[Records provided]

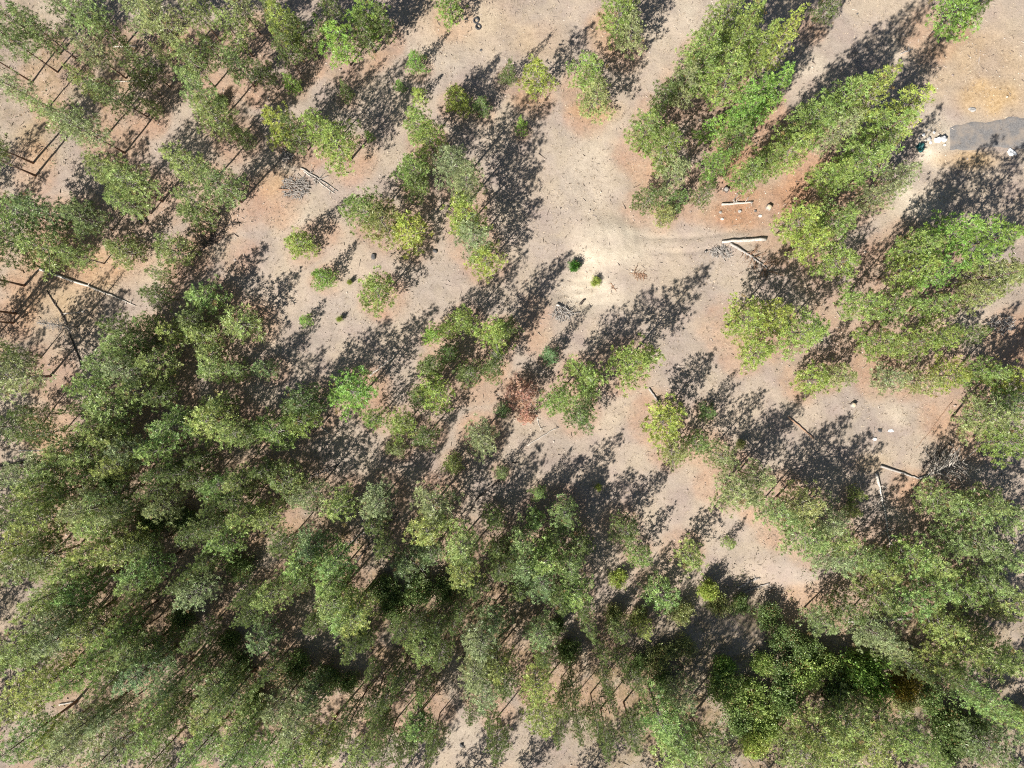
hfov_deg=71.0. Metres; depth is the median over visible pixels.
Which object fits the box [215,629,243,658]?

[/Records provided]
[Records provided]

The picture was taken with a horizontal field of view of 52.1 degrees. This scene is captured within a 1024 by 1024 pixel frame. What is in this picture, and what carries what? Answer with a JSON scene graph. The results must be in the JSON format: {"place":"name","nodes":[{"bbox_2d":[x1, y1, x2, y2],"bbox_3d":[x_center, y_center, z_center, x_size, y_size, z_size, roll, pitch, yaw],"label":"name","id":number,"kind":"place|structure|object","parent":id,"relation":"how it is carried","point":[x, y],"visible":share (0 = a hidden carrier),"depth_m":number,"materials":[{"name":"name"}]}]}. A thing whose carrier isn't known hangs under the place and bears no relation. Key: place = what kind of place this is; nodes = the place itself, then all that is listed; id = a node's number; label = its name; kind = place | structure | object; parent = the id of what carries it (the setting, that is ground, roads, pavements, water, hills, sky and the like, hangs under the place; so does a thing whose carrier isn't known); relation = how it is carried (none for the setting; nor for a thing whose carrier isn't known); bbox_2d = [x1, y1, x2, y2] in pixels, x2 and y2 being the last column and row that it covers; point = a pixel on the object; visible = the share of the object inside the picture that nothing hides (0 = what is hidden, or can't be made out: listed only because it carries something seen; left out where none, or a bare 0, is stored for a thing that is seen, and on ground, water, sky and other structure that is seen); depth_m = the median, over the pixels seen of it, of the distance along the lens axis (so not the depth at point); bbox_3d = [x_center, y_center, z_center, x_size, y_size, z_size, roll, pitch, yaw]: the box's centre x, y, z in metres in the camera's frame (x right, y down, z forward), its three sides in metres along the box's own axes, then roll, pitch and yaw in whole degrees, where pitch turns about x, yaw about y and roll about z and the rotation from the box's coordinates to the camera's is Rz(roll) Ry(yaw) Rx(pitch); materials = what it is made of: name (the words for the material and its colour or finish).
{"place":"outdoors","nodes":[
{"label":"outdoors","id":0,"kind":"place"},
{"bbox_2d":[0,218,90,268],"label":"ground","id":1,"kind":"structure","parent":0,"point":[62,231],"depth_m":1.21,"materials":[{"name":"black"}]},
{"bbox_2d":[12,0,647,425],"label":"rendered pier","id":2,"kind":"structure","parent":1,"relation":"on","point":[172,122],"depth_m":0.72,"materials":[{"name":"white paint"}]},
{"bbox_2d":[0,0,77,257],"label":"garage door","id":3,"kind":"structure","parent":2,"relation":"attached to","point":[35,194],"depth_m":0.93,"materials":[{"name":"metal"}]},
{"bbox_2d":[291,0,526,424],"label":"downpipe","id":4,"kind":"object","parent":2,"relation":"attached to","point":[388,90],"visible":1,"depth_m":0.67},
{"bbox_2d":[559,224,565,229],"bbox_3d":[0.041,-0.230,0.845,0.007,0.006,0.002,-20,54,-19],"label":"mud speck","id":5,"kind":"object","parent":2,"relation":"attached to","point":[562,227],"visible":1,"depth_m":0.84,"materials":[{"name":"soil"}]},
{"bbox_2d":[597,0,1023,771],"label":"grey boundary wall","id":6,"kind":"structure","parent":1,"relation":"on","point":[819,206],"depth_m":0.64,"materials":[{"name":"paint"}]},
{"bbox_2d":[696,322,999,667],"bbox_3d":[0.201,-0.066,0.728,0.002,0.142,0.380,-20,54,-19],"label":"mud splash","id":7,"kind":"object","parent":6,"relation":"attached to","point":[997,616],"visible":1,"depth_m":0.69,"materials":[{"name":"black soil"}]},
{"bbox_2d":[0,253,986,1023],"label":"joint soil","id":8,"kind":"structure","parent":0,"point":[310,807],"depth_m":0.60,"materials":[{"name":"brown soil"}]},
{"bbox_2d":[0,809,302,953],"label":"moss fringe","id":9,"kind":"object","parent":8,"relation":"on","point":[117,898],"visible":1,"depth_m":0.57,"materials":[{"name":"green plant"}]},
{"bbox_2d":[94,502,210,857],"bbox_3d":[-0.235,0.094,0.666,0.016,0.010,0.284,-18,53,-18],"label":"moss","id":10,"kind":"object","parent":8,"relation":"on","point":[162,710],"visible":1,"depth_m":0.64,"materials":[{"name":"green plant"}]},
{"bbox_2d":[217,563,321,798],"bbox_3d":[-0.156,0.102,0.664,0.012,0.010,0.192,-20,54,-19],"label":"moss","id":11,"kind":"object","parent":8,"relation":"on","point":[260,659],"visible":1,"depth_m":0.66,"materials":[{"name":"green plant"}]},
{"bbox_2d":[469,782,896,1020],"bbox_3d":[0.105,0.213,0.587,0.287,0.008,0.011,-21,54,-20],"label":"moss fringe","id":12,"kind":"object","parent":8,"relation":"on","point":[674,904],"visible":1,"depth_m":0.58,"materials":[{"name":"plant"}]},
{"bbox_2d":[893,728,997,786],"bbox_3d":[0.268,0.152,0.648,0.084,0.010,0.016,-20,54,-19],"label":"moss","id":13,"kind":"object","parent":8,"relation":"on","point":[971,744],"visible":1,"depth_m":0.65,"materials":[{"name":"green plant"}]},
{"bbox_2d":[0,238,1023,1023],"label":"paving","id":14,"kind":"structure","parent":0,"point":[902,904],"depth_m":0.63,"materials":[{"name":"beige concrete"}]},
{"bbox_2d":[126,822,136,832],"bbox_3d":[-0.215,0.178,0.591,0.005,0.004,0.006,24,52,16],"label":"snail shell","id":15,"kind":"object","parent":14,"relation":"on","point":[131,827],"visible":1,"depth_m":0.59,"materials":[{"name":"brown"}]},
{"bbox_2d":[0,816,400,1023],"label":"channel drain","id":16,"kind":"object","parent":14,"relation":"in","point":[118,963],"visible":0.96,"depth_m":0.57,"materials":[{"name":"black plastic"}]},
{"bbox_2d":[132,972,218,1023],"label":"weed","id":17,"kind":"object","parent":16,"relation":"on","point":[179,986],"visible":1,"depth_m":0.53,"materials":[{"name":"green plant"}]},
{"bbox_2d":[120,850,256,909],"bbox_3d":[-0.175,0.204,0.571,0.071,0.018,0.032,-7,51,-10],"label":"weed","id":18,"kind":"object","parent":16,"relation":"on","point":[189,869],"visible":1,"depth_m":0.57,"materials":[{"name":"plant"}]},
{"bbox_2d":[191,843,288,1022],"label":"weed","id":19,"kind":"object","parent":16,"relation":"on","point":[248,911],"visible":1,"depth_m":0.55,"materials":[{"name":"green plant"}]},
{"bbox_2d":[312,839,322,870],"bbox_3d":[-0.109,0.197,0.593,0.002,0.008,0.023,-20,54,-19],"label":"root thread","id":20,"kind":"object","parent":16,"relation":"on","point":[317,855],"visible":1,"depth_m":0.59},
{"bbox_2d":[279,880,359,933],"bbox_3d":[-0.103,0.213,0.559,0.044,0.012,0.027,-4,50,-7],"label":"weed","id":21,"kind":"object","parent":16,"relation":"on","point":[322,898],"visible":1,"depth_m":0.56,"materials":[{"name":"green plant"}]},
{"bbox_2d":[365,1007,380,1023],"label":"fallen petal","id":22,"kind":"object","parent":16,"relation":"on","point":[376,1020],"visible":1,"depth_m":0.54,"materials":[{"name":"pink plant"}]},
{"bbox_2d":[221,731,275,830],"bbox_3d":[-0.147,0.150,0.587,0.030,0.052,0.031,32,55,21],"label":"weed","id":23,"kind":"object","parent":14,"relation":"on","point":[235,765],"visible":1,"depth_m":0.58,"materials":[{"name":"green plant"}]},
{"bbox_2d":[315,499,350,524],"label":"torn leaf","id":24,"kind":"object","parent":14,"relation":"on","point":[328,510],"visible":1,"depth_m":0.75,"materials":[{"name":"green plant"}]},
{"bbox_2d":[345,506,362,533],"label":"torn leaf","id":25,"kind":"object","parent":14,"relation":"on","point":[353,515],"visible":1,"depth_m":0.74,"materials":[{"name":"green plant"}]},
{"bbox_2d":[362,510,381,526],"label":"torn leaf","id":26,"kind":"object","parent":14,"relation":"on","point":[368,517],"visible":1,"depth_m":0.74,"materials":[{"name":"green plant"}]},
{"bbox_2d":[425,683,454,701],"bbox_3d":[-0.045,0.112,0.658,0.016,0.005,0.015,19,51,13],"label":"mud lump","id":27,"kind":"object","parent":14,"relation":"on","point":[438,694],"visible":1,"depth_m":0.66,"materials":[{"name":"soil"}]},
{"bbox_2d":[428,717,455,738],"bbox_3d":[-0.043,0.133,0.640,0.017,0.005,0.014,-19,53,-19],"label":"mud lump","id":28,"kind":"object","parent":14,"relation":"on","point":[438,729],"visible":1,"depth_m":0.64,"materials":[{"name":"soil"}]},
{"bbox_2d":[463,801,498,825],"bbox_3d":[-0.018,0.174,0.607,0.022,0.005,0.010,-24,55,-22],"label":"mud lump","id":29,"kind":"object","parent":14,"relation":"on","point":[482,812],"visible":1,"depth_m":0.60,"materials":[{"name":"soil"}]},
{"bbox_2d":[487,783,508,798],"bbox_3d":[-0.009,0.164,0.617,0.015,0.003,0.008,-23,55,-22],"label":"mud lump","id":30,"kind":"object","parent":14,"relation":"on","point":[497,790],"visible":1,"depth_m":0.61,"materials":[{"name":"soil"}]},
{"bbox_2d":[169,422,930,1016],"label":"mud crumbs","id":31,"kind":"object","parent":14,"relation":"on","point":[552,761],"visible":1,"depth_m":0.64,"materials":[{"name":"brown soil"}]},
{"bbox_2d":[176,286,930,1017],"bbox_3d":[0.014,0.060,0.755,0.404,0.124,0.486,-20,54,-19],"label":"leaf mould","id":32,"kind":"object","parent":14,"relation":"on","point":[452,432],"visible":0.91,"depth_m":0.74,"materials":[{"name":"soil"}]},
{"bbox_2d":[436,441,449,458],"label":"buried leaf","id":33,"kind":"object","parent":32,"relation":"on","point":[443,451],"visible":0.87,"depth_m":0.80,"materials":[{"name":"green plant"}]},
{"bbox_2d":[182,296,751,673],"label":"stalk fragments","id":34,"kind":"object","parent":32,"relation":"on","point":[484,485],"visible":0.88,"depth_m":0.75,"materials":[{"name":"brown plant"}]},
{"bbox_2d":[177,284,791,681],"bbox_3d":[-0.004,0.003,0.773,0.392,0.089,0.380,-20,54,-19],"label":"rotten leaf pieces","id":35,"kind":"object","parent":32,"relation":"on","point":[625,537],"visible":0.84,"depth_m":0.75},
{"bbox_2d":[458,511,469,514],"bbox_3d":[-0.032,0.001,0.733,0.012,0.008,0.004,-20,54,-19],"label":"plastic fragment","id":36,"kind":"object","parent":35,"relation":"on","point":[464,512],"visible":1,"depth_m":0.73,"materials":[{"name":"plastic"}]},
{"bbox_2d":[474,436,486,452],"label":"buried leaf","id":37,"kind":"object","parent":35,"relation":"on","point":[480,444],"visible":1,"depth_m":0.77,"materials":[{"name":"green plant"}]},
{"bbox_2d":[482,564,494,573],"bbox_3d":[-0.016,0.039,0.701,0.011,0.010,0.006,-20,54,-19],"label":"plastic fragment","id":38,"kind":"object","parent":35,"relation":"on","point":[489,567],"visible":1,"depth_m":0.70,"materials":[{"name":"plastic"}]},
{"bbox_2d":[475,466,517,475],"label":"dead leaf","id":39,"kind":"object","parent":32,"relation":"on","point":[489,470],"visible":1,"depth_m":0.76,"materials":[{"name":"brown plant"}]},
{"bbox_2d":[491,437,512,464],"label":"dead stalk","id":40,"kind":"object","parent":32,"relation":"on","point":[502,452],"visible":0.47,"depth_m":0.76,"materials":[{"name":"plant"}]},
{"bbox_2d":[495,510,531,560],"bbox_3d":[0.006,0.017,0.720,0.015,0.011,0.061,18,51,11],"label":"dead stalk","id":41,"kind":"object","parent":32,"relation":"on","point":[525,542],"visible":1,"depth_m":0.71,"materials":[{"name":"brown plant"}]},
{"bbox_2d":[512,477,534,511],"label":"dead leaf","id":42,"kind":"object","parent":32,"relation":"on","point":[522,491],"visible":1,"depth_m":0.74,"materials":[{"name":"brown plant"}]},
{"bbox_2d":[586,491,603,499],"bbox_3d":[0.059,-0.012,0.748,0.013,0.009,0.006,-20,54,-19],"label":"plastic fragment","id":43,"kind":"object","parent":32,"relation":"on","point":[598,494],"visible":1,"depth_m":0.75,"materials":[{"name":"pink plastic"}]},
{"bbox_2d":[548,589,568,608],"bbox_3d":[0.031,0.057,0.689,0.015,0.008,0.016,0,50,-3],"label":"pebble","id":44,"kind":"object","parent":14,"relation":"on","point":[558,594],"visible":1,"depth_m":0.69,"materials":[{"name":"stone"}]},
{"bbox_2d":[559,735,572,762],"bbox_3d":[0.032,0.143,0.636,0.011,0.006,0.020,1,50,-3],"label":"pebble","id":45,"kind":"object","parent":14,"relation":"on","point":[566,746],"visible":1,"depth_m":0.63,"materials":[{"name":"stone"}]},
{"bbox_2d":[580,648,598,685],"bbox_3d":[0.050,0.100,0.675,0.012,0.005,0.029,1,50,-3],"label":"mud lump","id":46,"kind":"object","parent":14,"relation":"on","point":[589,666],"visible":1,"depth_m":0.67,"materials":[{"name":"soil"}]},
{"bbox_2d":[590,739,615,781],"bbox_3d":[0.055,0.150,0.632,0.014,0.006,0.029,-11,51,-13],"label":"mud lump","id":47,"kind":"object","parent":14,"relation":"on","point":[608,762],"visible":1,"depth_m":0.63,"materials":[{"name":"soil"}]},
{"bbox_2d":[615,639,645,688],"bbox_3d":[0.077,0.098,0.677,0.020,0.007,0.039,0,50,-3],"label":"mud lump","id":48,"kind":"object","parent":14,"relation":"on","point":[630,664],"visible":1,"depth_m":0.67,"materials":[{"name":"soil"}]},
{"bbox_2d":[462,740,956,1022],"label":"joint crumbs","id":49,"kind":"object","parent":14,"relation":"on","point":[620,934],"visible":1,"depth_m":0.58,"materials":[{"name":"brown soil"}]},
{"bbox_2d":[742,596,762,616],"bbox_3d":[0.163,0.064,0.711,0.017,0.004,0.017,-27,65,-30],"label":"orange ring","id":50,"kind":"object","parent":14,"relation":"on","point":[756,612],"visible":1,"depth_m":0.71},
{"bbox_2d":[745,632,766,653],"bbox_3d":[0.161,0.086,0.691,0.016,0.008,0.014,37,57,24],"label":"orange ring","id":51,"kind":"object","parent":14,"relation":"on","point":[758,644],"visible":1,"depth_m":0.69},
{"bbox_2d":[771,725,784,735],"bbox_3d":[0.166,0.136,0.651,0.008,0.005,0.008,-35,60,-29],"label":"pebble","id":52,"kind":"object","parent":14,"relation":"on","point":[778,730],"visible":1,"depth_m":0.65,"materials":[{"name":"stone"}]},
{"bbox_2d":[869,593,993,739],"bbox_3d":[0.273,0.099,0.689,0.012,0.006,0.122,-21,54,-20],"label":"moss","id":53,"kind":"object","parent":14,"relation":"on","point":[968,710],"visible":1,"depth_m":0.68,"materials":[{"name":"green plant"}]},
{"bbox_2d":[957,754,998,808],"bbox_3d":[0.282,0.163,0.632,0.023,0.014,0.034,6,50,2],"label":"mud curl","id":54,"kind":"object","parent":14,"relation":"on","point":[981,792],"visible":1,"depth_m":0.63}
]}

[/Records provided]

Task item — Once you find the line with "hfov_deg=71.0. Metres; depth" above, print it and every line after it up to and including the line with "Which object fits the box [215,629,243,658]?", exactly as written and nothing else.

Result for this exercise —
hfov_deg=71.0. Metres; depth is the median over visible pixels.
Which object fits the box [215,629,243,658]?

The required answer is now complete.